Here, we analyzed whether AP4 regulates components of the MAPK/JNK/AP-1 pathway after MYC activation using CRC cells rendered AP4-deficient by a clustered regularly interspaced short palindromic repeats (CRISPR)/CRISPR-associated protein 9 (Cas9) approach. The detailed methods are shown in the Supplementary file. First, we grouped MYC-induced changes in mRNA expression observed in the CRC cell line DLD-1 AP4 wild-type 1/pRTR-c-MYC-VSV (AP4-WT1 DLD-1/pRTR-c-MYC-VSV) into 6 non-overlapping expression clusters (Supplementary Figure S1A, left), with cluster 1 representing mRNAs down-regulated, and clusters 2-6 representing different patterns of mRNA up-regulated after MYC activation. MAPK signaling pathway components were strongly over-represented in cluster 6 (Supplementary Figure S1A, right). The AP4 targets MIR22 host gene (MIR22HG) and E-cadherin 1 (CDH1) were down-regulated after MYC activation in AP4-WT1 DLD-1/pRTR-c-MYC-VSV cells (Supplementary Figure S1B).
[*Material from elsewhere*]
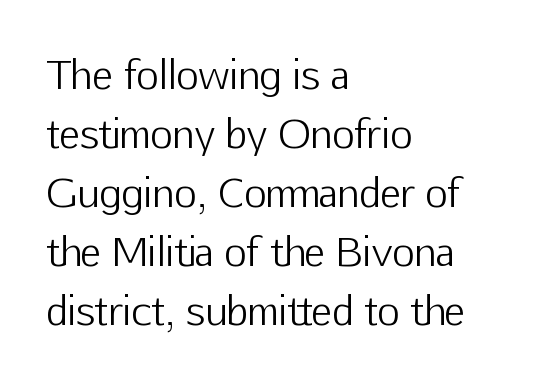
The image shows 39 px light sans-serif type, upright; set left-aligned, normal line spacing (1.51x), normal letter spacing, not underlined; low stroke contrast and a medium x-height.

MAPK signaling effectors, including c-Fos proto-oncogene (FOS), c-Jun proto-oncogene (JUN) and c-JunB proto-oncogene (JUNB), were over-represented in cluster 6. Additional MAPK signaling pathway components. such as c-Jun N-terminal kinase 1 (JNK1), mitogen-activated protein kinase kinase kinase 1 (MAP3K1), mitogen-activated protein kinase kinase kinase 13 (MAP3K13), mitogen-activated protein kinase kinase 3 (MAP2K3), mitogen-activated protein kinase kinase 7 (MAP2K7) and FOS-like 1 (FOSL1) were found in clusters 3-5 (Supplementary Figure S1B). Interestingly, MAP3K13, MAP2K7, JNK1 and FOSL1 were induced by MYC in an AP4-dependent manner (Supplementary Figure S1C-D).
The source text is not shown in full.